Canadian writer and artist Emily Carroll is that monster under your bed, the creeper in your closet, the warning voice from the woods telling you that despite everything you have been told, the monsters are real. They are also breathtakingly beautiful when lavishly illustrated by Carroll’s expert hand. Through the Woods begins with Carroll introducing and illustrating the perfectly ordinary bedroom of a young girl, who reads by the bed light. The young girl describes her fear of switching the light off, just in case there is something else with her in the darkness. As we read those final lines, before the collection begins in earnest, we wonder the same thing. Carroll leaves us on something of a cliffhanger; is there – perhaps – something under her bed?
The artwork is in deep blacks, broken only by the thin beam of the lamp, creating a contrast that covers the entirety of the collection; impenetrable darkness that is only dimly lit in the corners or centre of the panels. When we leave the young girl’s bedroom and find ourselves deep in the first tale, one that explores themes of loss and abandonment, it is almost as if we are reading along with her, feeling her fear as much as our own. If you feel manipulated, that is because you are, and expertly at that. We are fascinated, curious, and disturbed.
The first tale, “Our Neighbours house,” is a delicious reinvention of the vampire myth, yet the evil is cloaked in so much mystery, and creeping paranoia that it is difficult to gauge if it is a spin on vampirism or simply the cementation of a mental decay. The final panel gives no answers, just a simple outstretched hand that could lead to doom or salvation. There is no such ambiguity to the second tale, “A lady’s hands are cold”: the protagonist seeks to avenge a wrong, only to find that in doing so she has perpetrated far worse. The language used in the second tale complements the art, integrated into winding staircases and fervent hallucinations, while remaining beautifully poetic.

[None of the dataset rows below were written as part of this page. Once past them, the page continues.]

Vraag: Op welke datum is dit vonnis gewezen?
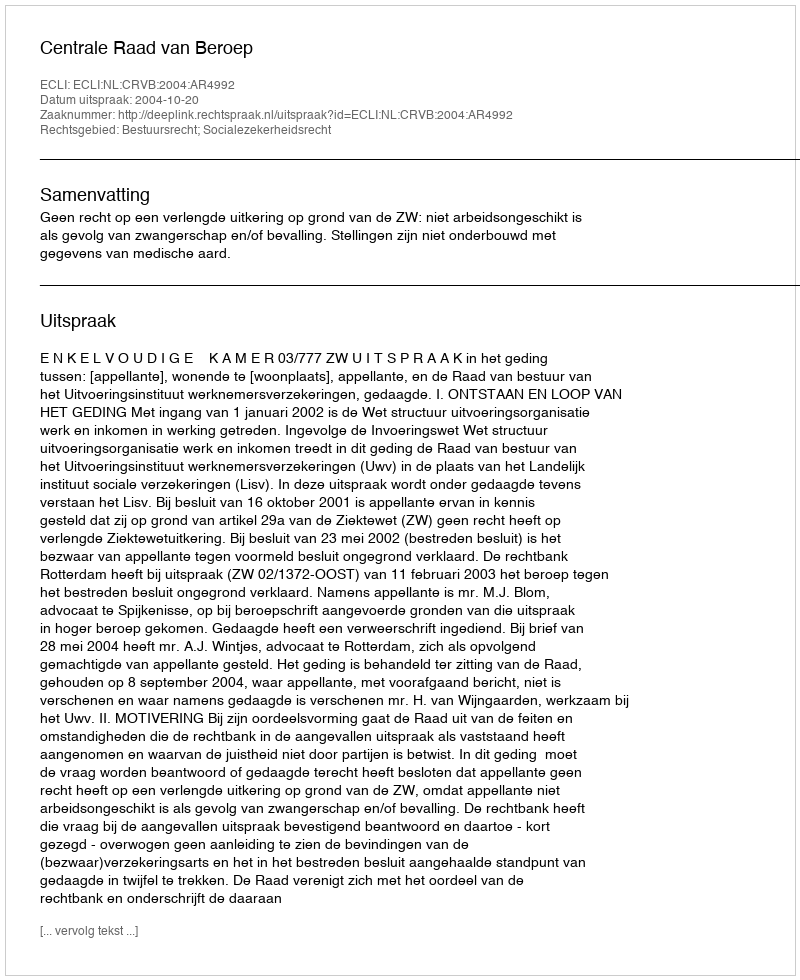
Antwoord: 2004-10-20
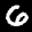
Label: 6
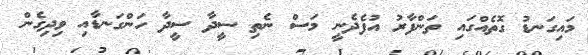
މައިގަނޑު ގޮތެއްގައި ތަންފާރު އުފެދެނީ މަސް ނެތި ސީދާ ސީދާ ހަންގަނޑާއި ވިދިގެން
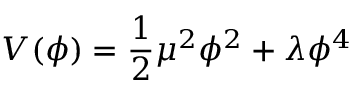
V ( \phi ) = { \frac { 1 } { 2 } } \mu ^ { 2 } \phi ^ { 2 } + \lambda \phi ^ { 4 }
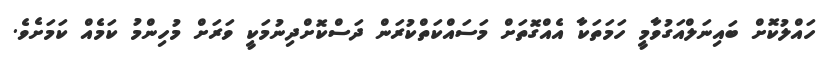
ހައްލުކޮށް ބައިނަލްއަގުވާމީ ހަމަތަކާ އެއްގޮތަށް މަސައްކަތްކުރަން ދަސްކޮށްދިނުމަކީ ވަރަށް މުހިންމު ކަމެއް ކަމަށެވެ.
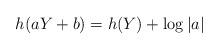
LaTeX: \begin{align*} h(aY+b) = h(Y) + \log|a|\end{align*}
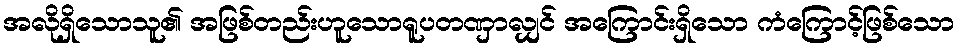
အလိုရှိသောသူ၏ အဖြစ်တည်းဟူသောရူပတဏှာလျှင် အကြောင်းရှိသော ကံကြောင့်ဖြစ်သော
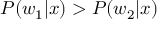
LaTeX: P ( w _ { 1 } | x ) > P ( w _ { 2 } | x )
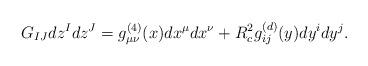
LaTeX: \begin{align*}G_{IJ}dz^I d z^J = g^{(4)}_{\mu\nu}(x)dx^{\mu}dx^\nu + R_c^2 g^{(d)}_{ij}(y)dy^{i}dy^j.\end{align*}
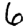
Digit: 6
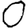
Digit: 0
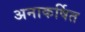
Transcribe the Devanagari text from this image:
अनाकर्षित
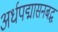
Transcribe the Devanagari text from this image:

While continuing the themes of mystery and paranoia, the third offering, “His Face all red”, ramps up the ambiguity, but leaves us dissatisfied, although this may be intentional. While disturbing, this story feels incomplete; you want to know definitively what happens next, but instead are presented with a number of possibilities. In some regards, that choice of possibilities may be more terrifying than the certainty of knowledge, but in this case the ambiguity is frustrating. The fourth story “My Friend Janna,” is simply brilliant. It stands as the most complete; no ambiguity to the narrative, just a bold declaration of purpose. This is Horror, pure and hauntingly simple. On the surface it is a tale of friendship and childhood japes, but underneath is a much darker, even somewhat illicit, reality.
The fifth story, “Nesting Place”, changes gear to embrace a longer form of storytelling, which initially grates as the story strikes me as derivative and at odds with the originality shown in the previous tales. However, this impression soon shifts to admiration as the story morphs into a bold take on Lovecraftian horror, coupled with surprisingly sharp social commentary, to ask us who the monsters really are.
Carroll wraps up her collection as she began, providing a “conclusion” to her “introduction”; finally, we find out if the girl reading along with us in her bedroom, scared to switch of her light, is right to be scared. And is she?… that would be telling.
David Graham
Adam L says
Concur entirely – an excellent book, one that left me struggling to sleep for a few nights after reading!